In The News › Redevelopment agency backed

Feb 2, 2006

Source: Times-Picayune

Redevelopment agency backed

Redevelopment agency backed
But authority to buy, sell land could be abused, BGR warns
Thursday, February 02, 2006
By Gordon Russell
Staff writer

The watchdog Bureau of Governmental Research on Wednesday endorsed — with major reservations — the notion of creating a powerful new authority to oversee redevelopment in New Orleans, an idea floated first by the nonprofit Urban Land Institute in November and then recommended last month by Mayor Ray Nagin’s Bring New Orleans Back Commission.

The BGR’s report clearly indicates the group has a healthy dose of skepticism about creating an agency that, as proposed, would be able to use eminent domain, issue bonds and buy and sell property, and the report warns that the entity could become a venue for abuse.

But bemoaning the current state of affairs in New Orleans, the report said “the status quo is failing residents.”

“We have searched in vain for signs that the City Council and mayor have joined forces to meet the challenge of rebuilding. We fear that leaving the rebuilding in the hands of squabbling officials will inevitably and unnecessarily slow the process, causing the city to wither,” the report said.

While the political atmosphere might be an argument in favor of creating the authority, the report cites multiple concerns. It said the authority “could become a vehicle for sweetheart deals,” or, at a minimum, a tool of developers. Also, because its members would be appointed rather than elected, the agency could wield power without accountability, becoming a “shadow government.”

“Too often, appointed bodies have been used to facilitate transactions that were not in the public interest,” the report said. “The same could happen in this case.”

Viewed more optimistically, the agency — tentatively named the Crescent City Recovery Corp. by the mayor’s panel — could oversee the city’s redevelopment in a more efficient and less political way than city government, the BGR said. Those were among the reasons the Urban Land Institute and the mayor’s commission gave in support of its creation.

Getting specific

The BGR’s report includes recommendations that don’t necessarily conflict with the recommendations of the mayor’s panel; rather, the BGR’s are more detailed. The bureau’s board of directors includes two of the 17 members of Nagin’s commission: lawyer Kim Boyle and health-care executive Mel Lagarde, who is co-chairman of the mayor’s commission.

Efforts to reach Lagarde and Joe Canizaro, who oversaw the land-use committee that recommended the creation of the new authority, were unsuccessful Wednesday.

Nagin’s commission, the BGR report notes, did not offer many specifics about the proposed authority’s structure or membership. The commission’s land-use committee, which recommended to create the recovery corporation, suggested that it should have seven to 15 members with staggered terms, with no single politician controlling the majority of appointments.
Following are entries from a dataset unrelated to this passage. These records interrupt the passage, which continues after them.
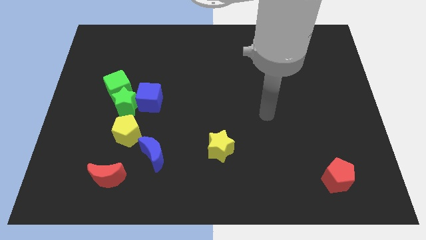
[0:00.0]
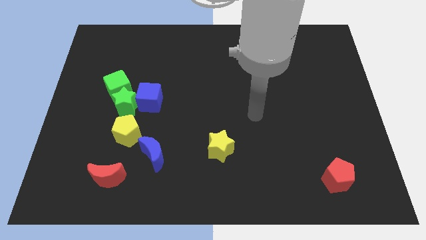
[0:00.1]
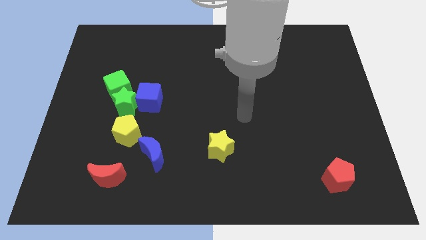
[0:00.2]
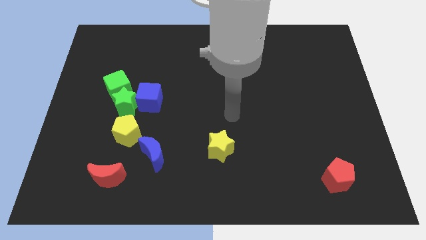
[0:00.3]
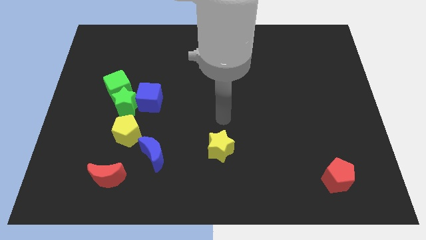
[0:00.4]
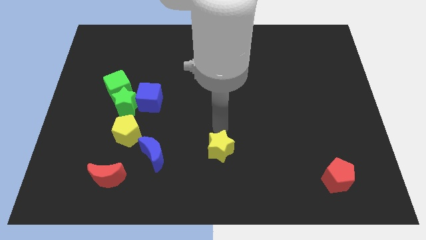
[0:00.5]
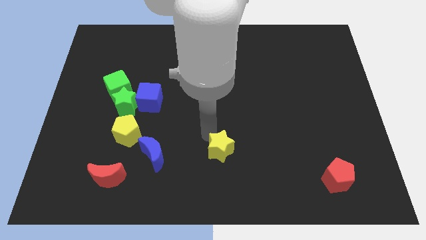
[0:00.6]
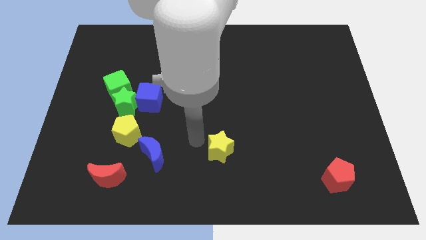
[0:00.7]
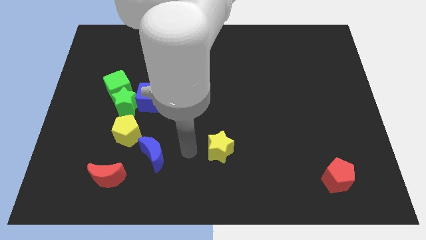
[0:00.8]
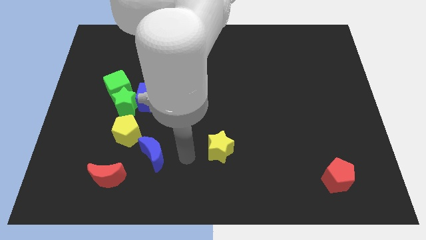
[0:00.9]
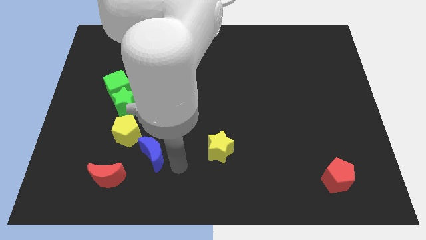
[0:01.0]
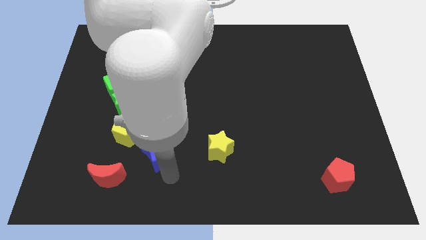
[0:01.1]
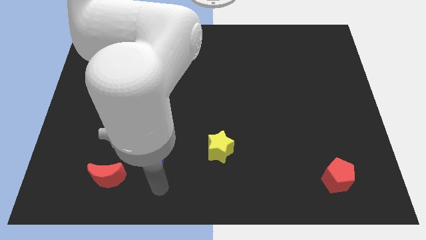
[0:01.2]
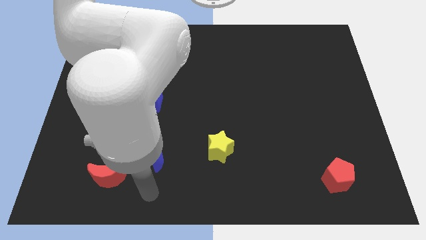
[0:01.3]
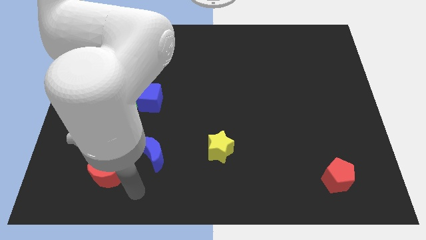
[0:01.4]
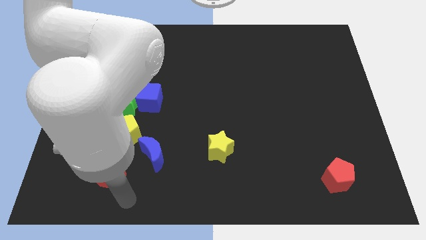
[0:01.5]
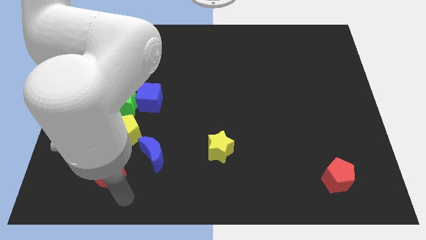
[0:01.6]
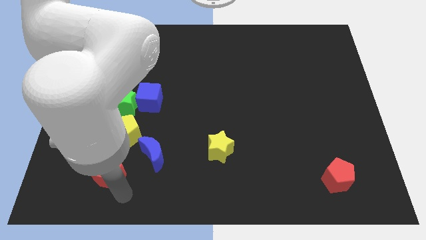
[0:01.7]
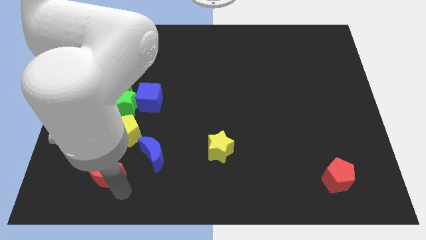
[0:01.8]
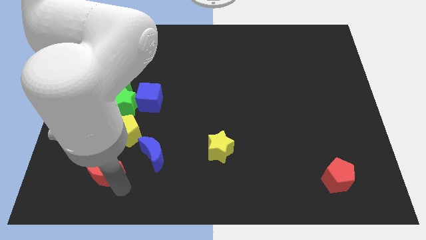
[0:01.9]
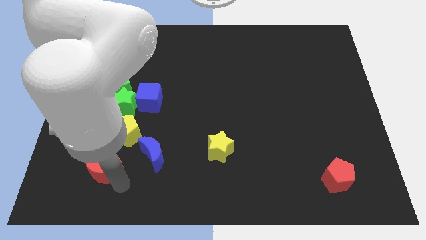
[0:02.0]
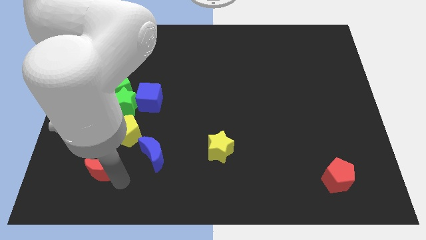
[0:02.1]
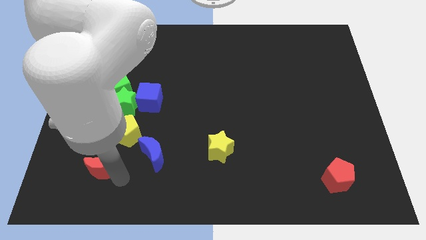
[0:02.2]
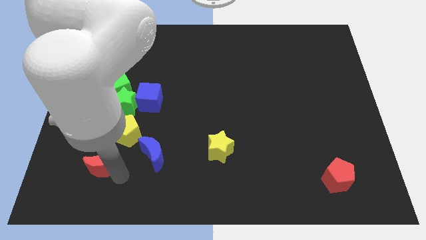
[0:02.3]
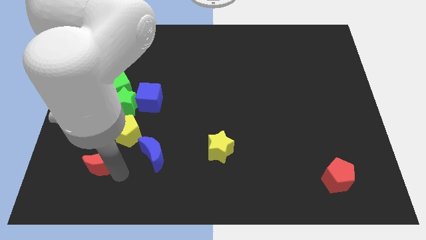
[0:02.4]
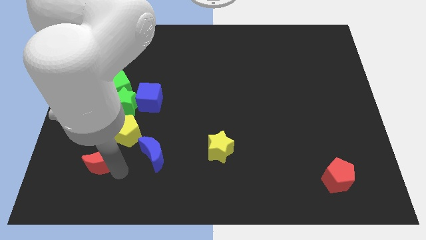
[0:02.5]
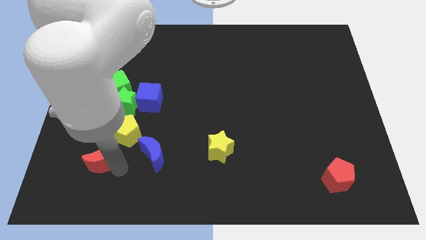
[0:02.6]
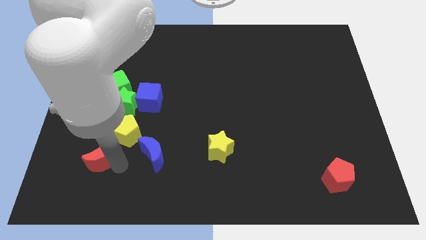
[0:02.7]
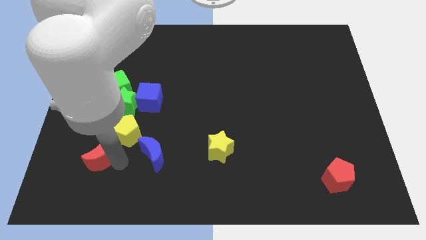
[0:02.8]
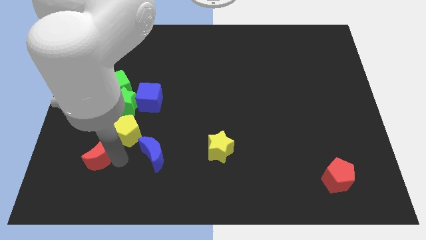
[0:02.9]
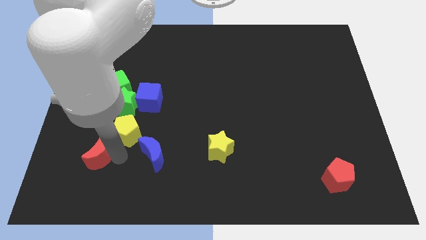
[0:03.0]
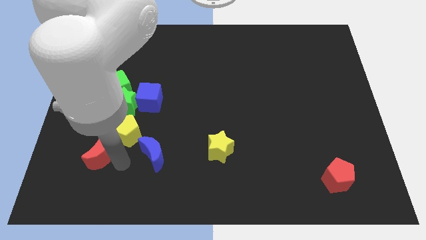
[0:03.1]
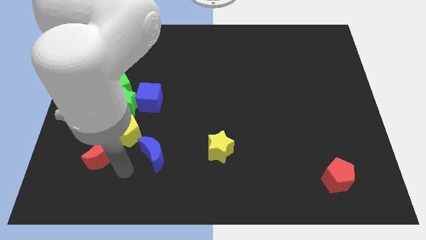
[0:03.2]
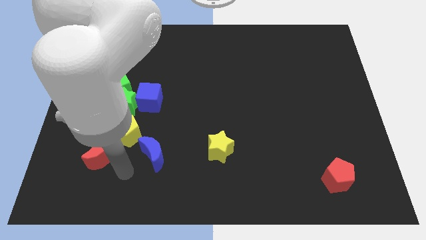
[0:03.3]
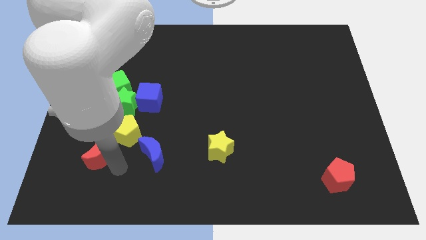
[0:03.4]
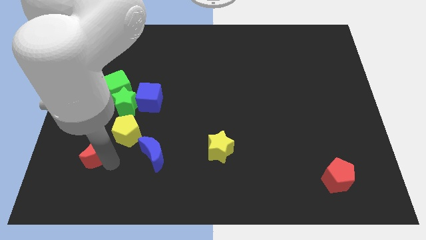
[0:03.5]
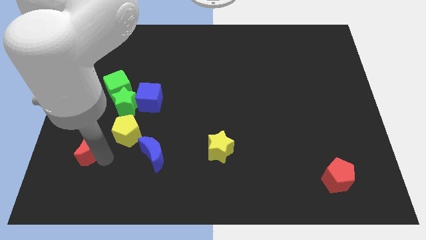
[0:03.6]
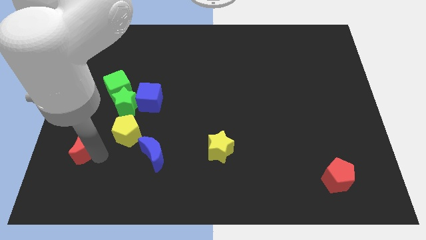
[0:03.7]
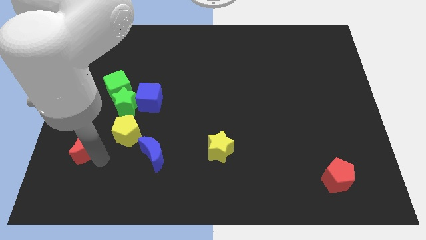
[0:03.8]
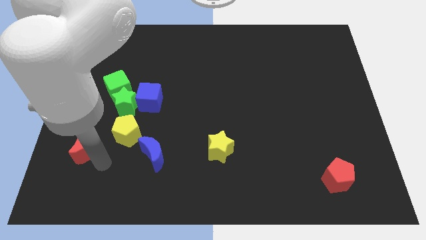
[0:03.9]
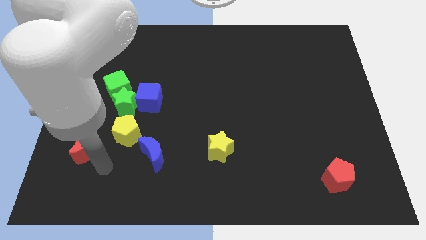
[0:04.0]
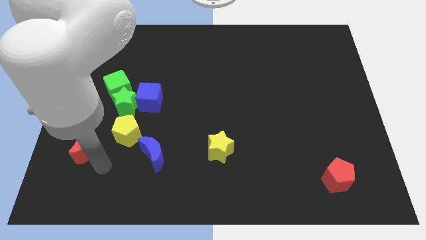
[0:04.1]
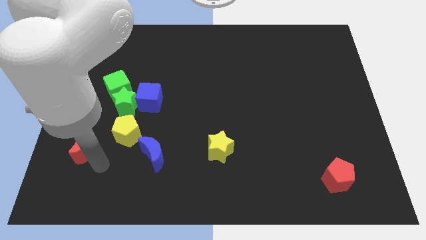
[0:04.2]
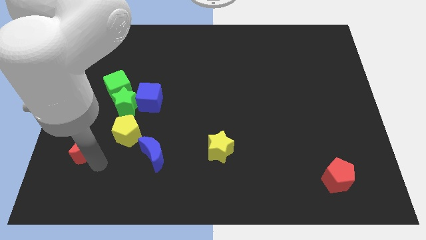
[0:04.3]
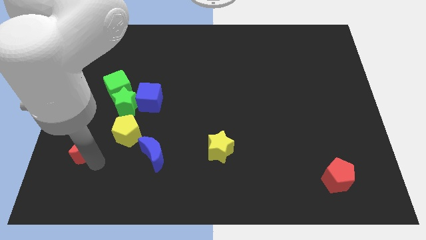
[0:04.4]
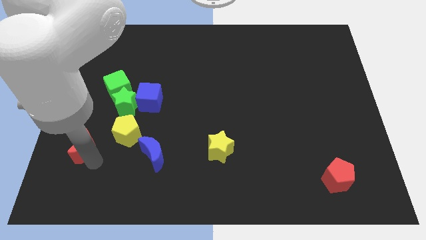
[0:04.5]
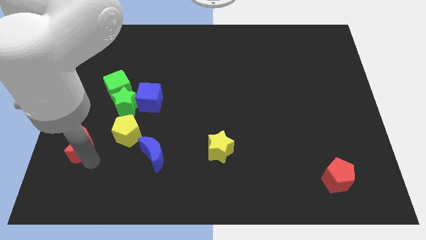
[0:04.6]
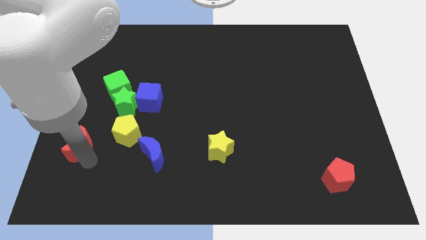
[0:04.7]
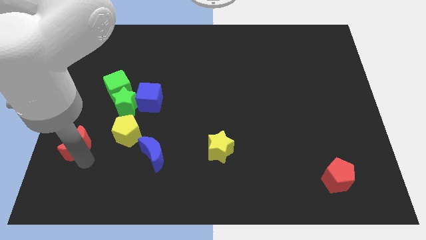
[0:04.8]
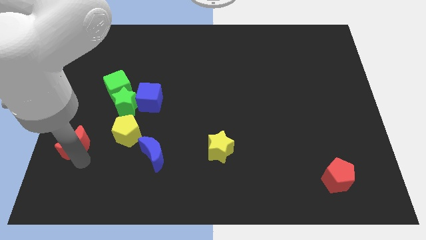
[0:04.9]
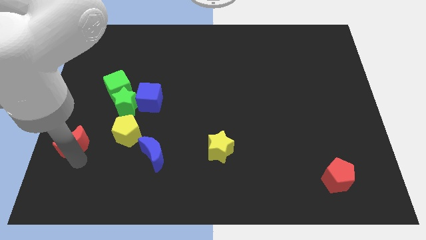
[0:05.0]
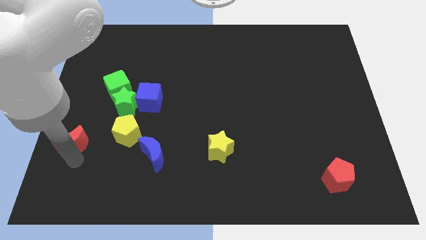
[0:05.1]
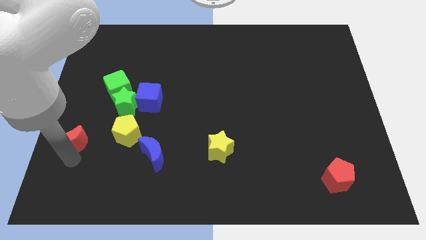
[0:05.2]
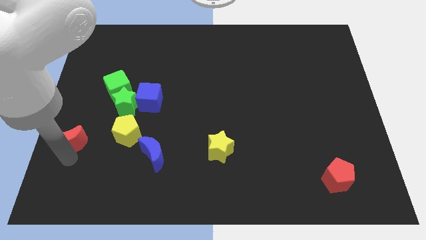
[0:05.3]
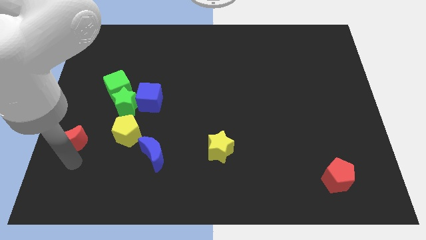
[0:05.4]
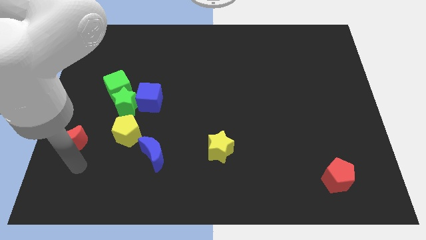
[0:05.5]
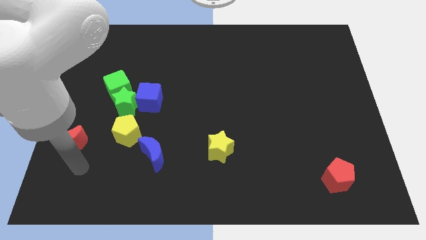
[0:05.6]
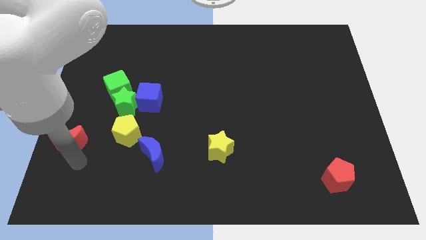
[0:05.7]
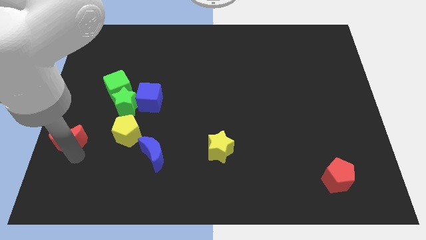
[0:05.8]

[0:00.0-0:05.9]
push the red moon to the left side

The committee said the agency could take several forms. Among the ideas it laid out were the creation of a new authority, via state legislation and changes to the City Charter, or the retooling of the existing New Orleans Redevelopment Authority, which is already authorized in state legislation and has the power to seize blighted property.

Legislative action

Gov. Kathleen Blanco’s call for a special legislative session beginning Monday allows for legislation enabling cities to acquire and dispose of blighted and abandoned housing, as well as the creation of a “housing and land trust” to rebuild regions devastated by Hurricanes Katrina and Rita.

Andy Kopplin, the executive director of Blanco’s Louisiana Recovery Authority, said the trust item is designed for legislation that would create a state entity to dispense federal dollars to homeowners. It is unclear whether it is broad enough to also allow for legislation to create a city-based entity like the Crescent City Recovery Corp.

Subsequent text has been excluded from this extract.